About Confidence Interval

Confidence Interval Applies Only On Sample Data

The concept of Confidence Interval (CI) only applies when you are dealing with sample data and not the full population of data. Please note that when you are analyzing anything with full population of data, confidence interval becomes redundant.

In fact CI calculated from a sample tells the confidence level about the population from which the sample was drawn.

Probably the most often used descriptive statistic is the mean. The mean is a particularly informative measure of the "central tendency" of the variable if it is reported along with its confidence intervals. As mentioned earlier, usually we are interested in statistics (such as the mean) from our sample only to the extent to which they can infer information about the population. The confidence interval for the mean gives us a range of values around the mean where we expect the "true" (population) mean is located. For example, if the mean in your sample is 23, and the lower and upper limits of the p=.05 confidence interval are 19 and 27 respectively, then you can conclude that there is a 95% probability that the population mean is greater than 19 and lower than 27.

P-Level & Confidence Interval

If you set the p-level to a smaller value, then the interval would become wider thereby increasing the "certainty" of the estimate, and vice versa; as we all know from the weather forecast, the more "vague" the prediction (i.e., wider the confidence interval), the more likely it will materialize. Note that the width of the confidence interval depends on the sample size and on the variation of data values. The larger the sample size, the more reliable it’s mean. The larger the variation, the less reliable the mean.

The calculation of confidence intervals is based on the assumption that the variable is normally distributed in the population. The estimate may not be valid if this assumption is not met, unless the sample size is large, say n=100 or more.
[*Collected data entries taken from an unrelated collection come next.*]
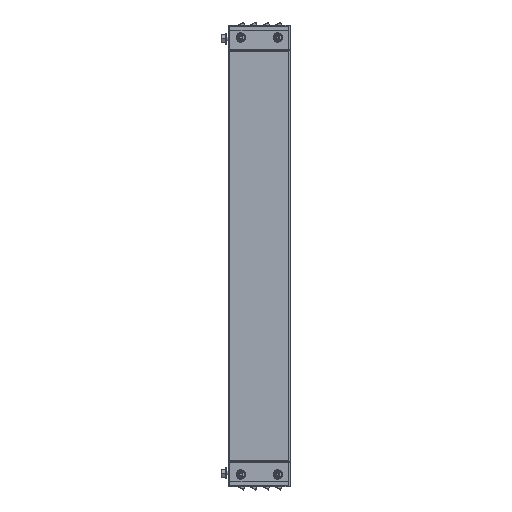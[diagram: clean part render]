
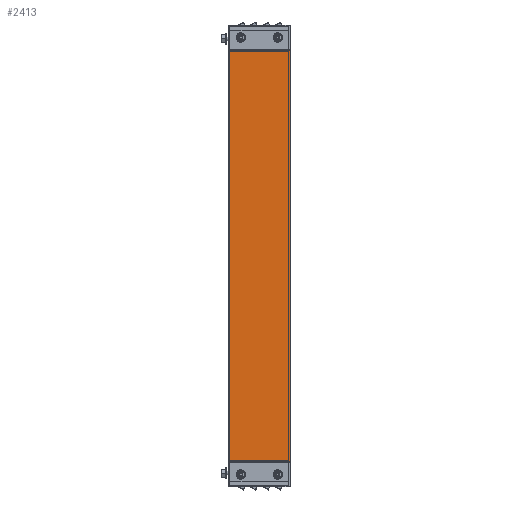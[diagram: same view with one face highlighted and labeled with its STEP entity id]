
A CAD part, left-side view. The second image highlights one B-rep face of the part: STEP entity #2413.
In plain terms, the highlighted planar face has unit normal (-1, 0, 0).
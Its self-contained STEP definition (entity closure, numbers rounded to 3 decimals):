
#31 = EDGE_CURVE ( 'NONE', #10059, #10994, #9087, .T. ) ;
#304 = DIRECTION ( 'NONE',  ( 0., -1., 0. ) ) ;
#474 = LINE ( 'NONE', #9786, #4486 ) ;
#800 = CARTESIAN_POINT ( 'NONE',  ( 0., -100., 65.4 ) ) ;
#816 = DIRECTION ( 'NONE',  ( 0., 1., 0. ) ) ;
#1158 = DIRECTION ( 'NONE',  ( 0., 0., 1. ) ) ;
#2017 = VECTOR ( 'NONE', #2307, 1000. ) ;
#2039 = VERTEX_POINT ( 'NONE', #9612 ) ;
#2065 = ORIENTED_EDGE ( 'NONE', *, *, #8698, .T. ) ;
#2307 = DIRECTION ( 'NONE',  ( 0., 0., -1. ) ) ;
#2345 = DIRECTION ( 'NONE',  ( -1., 0., 0. ) ) ;
#2413 = ADVANCED_FACE ( 'NONE', ( #14803 ), #8003, .T. ) ;
#2420 = CARTESIAN_POINT ( 'NONE',  ( 0., 0., 0. ) ) ;
#3138 = ORIENTED_EDGE ( 'NONE', *, *, #3776, .T. ) ;
#3204 = CARTESIAN_POINT ( 'NONE',  ( 0., 0., 65.4 ) ) ;
#3216 = EDGE_CURVE ( 'NONE', #2039, #10803, #13790, .T. ) ;
#3689 = AXIS2_PLACEMENT_3D ( 'NONE', #2420, #2345, #13599 ) ;
#3776 = EDGE_CURVE ( 'NONE', #10994, #2039, #12316, .T. ) ;
#4486 = VECTOR ( 'NONE', #304, 1000. ) ;
#5192 = CARTESIAN_POINT ( 'NONE',  ( 0., 0., 734.6 ) ) ;
#8003 = PLANE ( 'NONE',  #3689 ) ;
#8698 = EDGE_CURVE ( 'NONE', #10803, #10059, #474, .T. ) ;
#9087 = LINE ( 'NONE', #10307, #12807 ) ;
#9392 = ORIENTED_EDGE ( 'NONE', *, *, #3216, .T. ) ;
#9612 = CARTESIAN_POINT ( 'NONE',  ( 0., 0., 734.6 ) ) ;
#9786 = CARTESIAN_POINT ( 'NONE',  ( 0., 0., 65.4 ) ) ;
#10059 = VERTEX_POINT ( 'NONE', #800 ) ;
#10307 = CARTESIAN_POINT ( 'NONE',  ( 0., -100., 65.4 ) ) ;
#10803 = VERTEX_POINT ( 'NONE', #11802 ) ;
#10994 = VERTEX_POINT ( 'NONE', #12905 ) ;
#11222 = VECTOR ( 'NONE', #816, 1000. ) ;
#11802 = CARTESIAN_POINT ( 'NONE',  ( 0., 0., 65.4 ) ) ;
#12316 = LINE ( 'NONE', #5192, #11222 ) ;
#12807 = VECTOR ( 'NONE', #1158, 1000. ) ;
#12905 = CARTESIAN_POINT ( 'NONE',  ( 0., -100., 734.6 ) ) ;
#13171 = EDGE_LOOP ( 'NONE', ( #2065, #13244, #3138, #9392 ) ) ;
#13244 = ORIENTED_EDGE ( 'NONE', *, *, #31, .T. ) ;
#13599 = DIRECTION ( 'NONE',  ( 0., 0., 1. ) ) ;
#13790 = LINE ( 'NONE', #3204, #2017 ) ;
#14803 = FACE_OUTER_BOUND ( 'NONE', #13171, .T. ) ;

When you compute a confidence interval, you compute the mean of a sample in order to estimate the mean of the population. Clearly, if you already knew the population mean, there would be no need for a confidence interval. However, to explain how confidence intervals are constructed, we are going to work backwards and begin by assuming characteristics of the population. Then we will show how sample data can be used to construct a confidence interval.
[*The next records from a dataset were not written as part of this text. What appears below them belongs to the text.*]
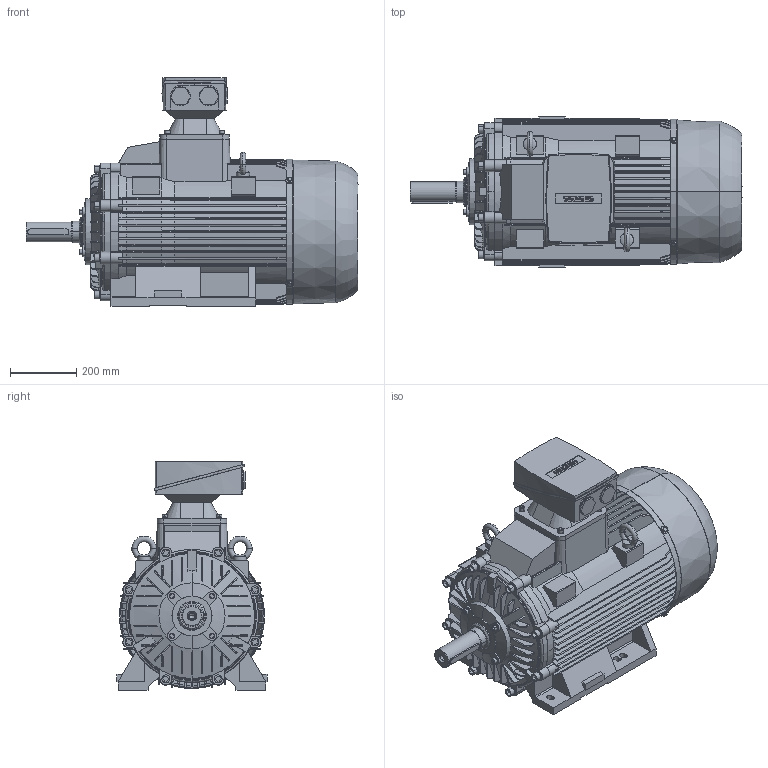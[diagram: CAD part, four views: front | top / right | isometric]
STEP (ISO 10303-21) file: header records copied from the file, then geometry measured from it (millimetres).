
FILE_DESCRIPTION(('STEP AP214'),'1');
FILE_NAME('cctmp_478B1A8C-0AEF-4A71-A79E-5FD04644E39E_2023_06_27_10_55_19_0621..stp','2023-06-27T08:55:21',('SIEMENS A&D'),('CADClick - www.CADClick.com'),'Spatial InterOp 3D',' ','unknown authorization');
FILE_SCHEMA(('AUTOMOTIVE_DESIGN'));
Length unit declared in the file: millimetre
Products named in the file (34): cc_unnamed; 2023_06_27_10_55_19_0558; 2023_06_27_10_55_19_0527; 2023_06_27_10_55_19_0490; 2023_06_27_10_55_19_0473; 2023_06_27_10_55_19_0442; 2023_06_27_10_55_19_0411; 2023_06_27_10_55_19_0380; 2023_06_27_10_55_19_0348; 2023_06_27_10_55_19_0317; 2023_06_27_10_55_19_0286; 2023_06_27_10_55_19_0255; 2023_06_27_10_55_19_0223; 2023_06_27_10_55_19_0192; 2023_06_27_10_55_19_0161; 2023_06_27_10_55_19_0130; 2023_06_27_10_55_19_0098; 2023_06_27_10_55_19_0067; 2023_06_27_10_55_19_0036; 2023_06_27_10_55_19_0005; 2023_06_27_10_55_18_0973; 2023_06_27_10_55_18_0937; 2023_06_27_10_55_18_0920; 2023_06_27_10_55_18_0889; 2023_06_27_10_55_18_0857; 2023_06_27_10_55_18_0826; 2023_06_27_10_55_18_0795; 2023_06_27_10_55_18_0764; 2023_06_27_10_55_18_0732; 2023_06_27_10_55_18_0701; 2023_06_27_10_55_18_0670; 2023_06_27_10_55_18_0639; 2023_06_27_10_55_18_0607; 2023_06_27_10_55_18_0576
Assembly tree (33 placements, depth 2):
  cc_unnamed
    2023_06_27_10_55_19_0558
    2023_06_27_10_55_19_0527
    2023_06_27_10_55_19_0490
    2023_06_27_10_55_19_0473
    2023_06_27_10_55_19_0442
    2023_06_27_10_55_19_0411
    2023_06_27_10_55_19_0380
    2023_06_27_10_55_19_0348
    2023_06_27_10_55_19_0317
    2023_06_27_10_55_19_0286
    2023_06_27_10_55_19_0255
    2023_06_27_10_55_19_0223
    2023_06_27_10_55_19_0192
    2023_06_27_10_55_19_0161
    2023_06_27_10_55_19_0130
    2023_06_27_10_55_19_0098
    2023_06_27_10_55_19_0067
    2023_06_27_10_55_19_0036
    2023_06_27_10_55_19_0005
    2023_06_27_10_55_18_0973
    2023_06_27_10_55_18_0937
    2023_06_27_10_55_18_0920
    2023_06_27_10_55_18_0889
    2023_06_27_10_55_18_0857
    2023_06_27_10_55_18_0826
    2023_06_27_10_55_18_0795
    2023_06_27_10_55_18_0764
    2023_06_27_10_55_18_0732
    2023_06_27_10_55_18_0701
    2023_06_27_10_55_18_0670
    2023_06_27_10_55_18_0639
    2023_06_27_10_55_18_0607
    2023_06_27_10_55_18_0576
Bounding box: 1004 x 454 x 691.5 mm (x, y, z)
Volume: 97570402.8 mm3; surface area: 4238335.1 mm2
Topology: 33 solids, 33 shells, 2683 faces, 7588 edges, 5020 vertices
Faces by surface type: cylinder 1428, plane 897, cone 229, torus 129
Entity records: 122009 total; most frequent: CARTESIAN_POINT 28246, DIRECTION 15321, ORIENTED_EDGE 15172, EDGE_CURVE 7586, AXIS2_PLACEMENT_3D 6022, VERTEX_POINT 5020, LINE 3277, VECTOR 3277

Variance & Confidence Interval

When the variance is not known but has to be estimated from sample data you should use the t distribution rather than the normal distribution. When the sample size is large, say 100 or above, the t distribution is very similar to the standard normal distribution. However, with smaller sample sizes, the t distribution is leptokurtic, which means it has relatively more scores in its tails than does the normal distribution. As a result, you have to extend farther from the mean to contain a given proportion of the area.

More generally, the formula for the 95% confidence interval on the mean is:

Lower limit = M - (tCL)(sm)

Upper limit = M + (tCL)(sm)

where M is the sample mean, tCL is the t for the confidence level desired (0.95 as an example), and sm is the estimated standard error of the mean.